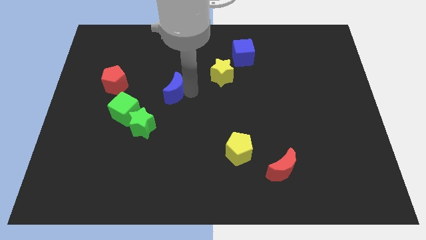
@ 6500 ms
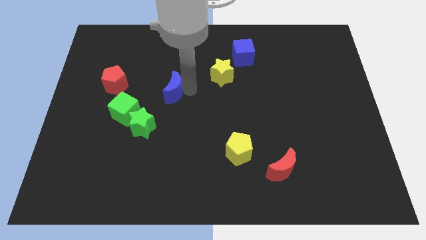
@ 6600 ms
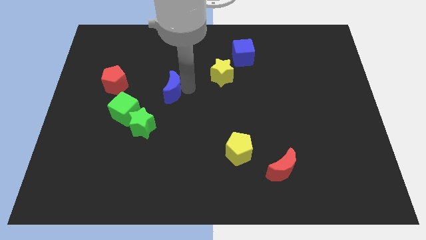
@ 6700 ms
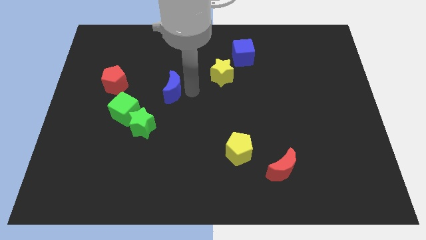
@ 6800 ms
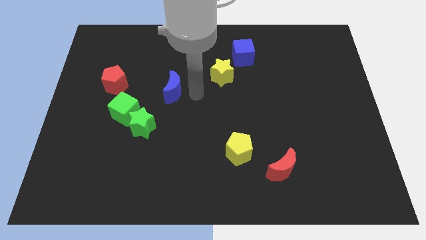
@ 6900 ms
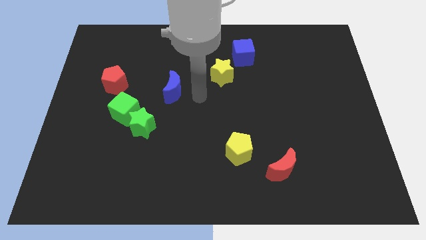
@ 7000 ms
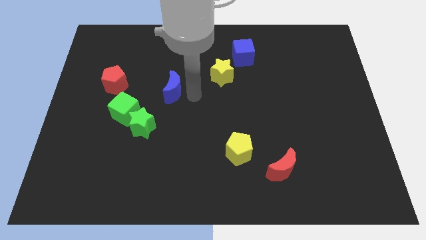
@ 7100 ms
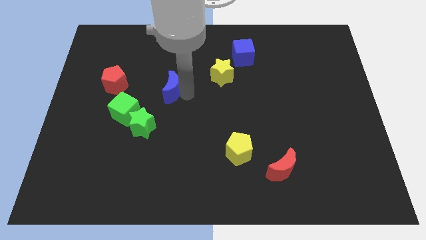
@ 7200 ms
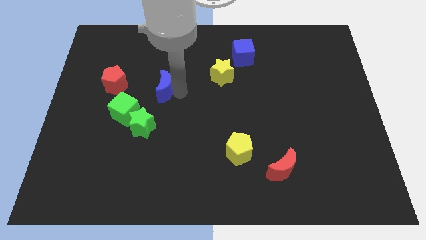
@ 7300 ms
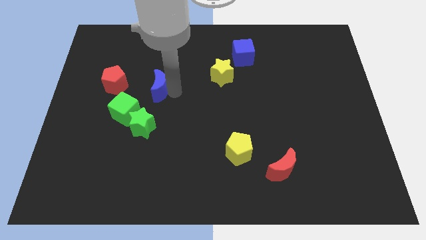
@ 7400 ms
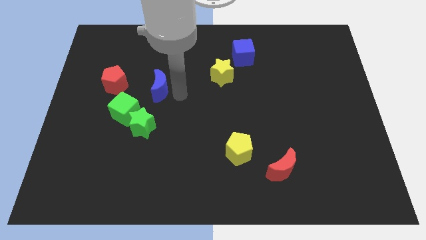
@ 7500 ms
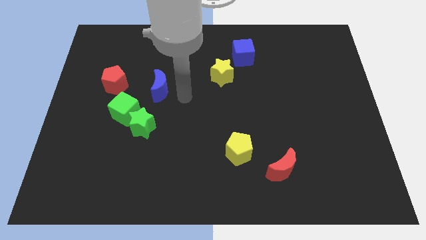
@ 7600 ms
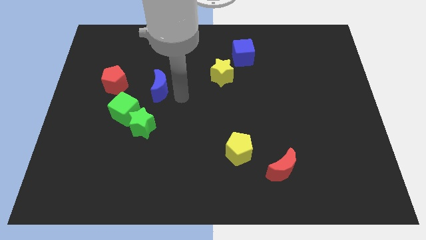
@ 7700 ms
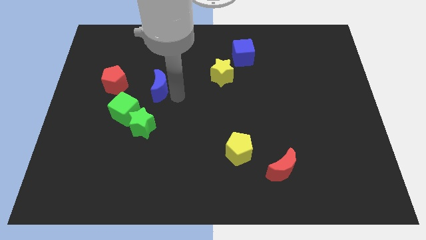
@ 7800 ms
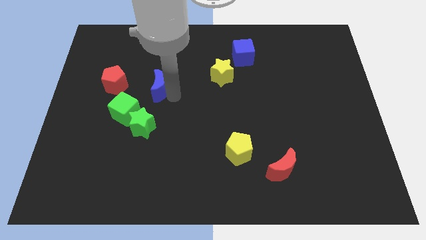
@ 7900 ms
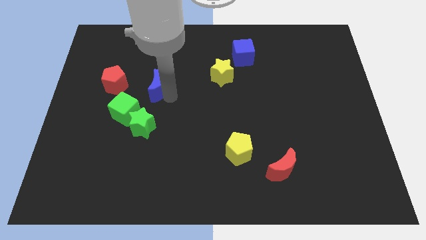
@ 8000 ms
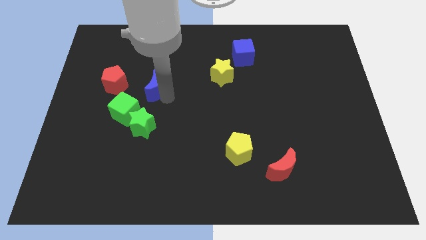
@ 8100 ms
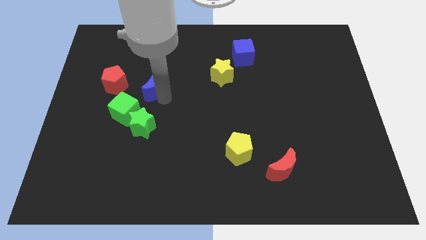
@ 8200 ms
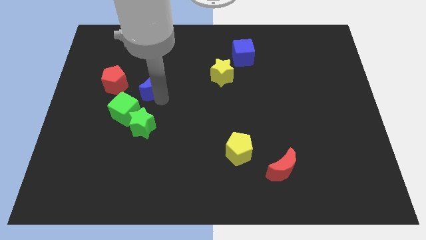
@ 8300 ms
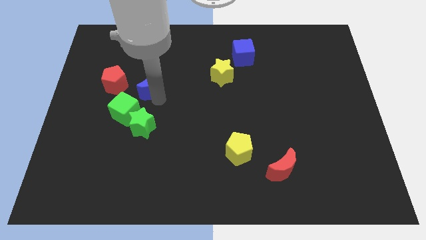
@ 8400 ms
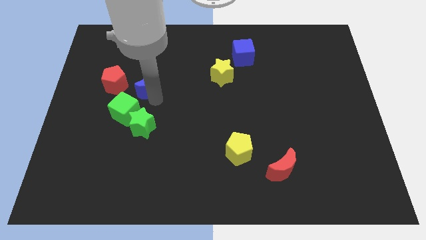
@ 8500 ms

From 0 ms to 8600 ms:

WORK TASK: Give the listing again exactly, excluding pictures.

REPLY TO THE TASK:
@ 6500 ms
@ 6600 ms
@ 6700 ms
@ 6800 ms
@ 6900 ms
@ 7000 ms
@ 7100 ms
@ 7200 ms
@ 7300 ms
@ 7400 ms
@ 7500 ms
@ 7600 ms
@ 7700 ms
@ 7800 ms
@ 7900 ms
@ 8000 ms
@ 8100 ms
@ 8200 ms
@ 8300 ms
@ 8400 ms
@ 8500 ms

From 0 ms to 8600 ms:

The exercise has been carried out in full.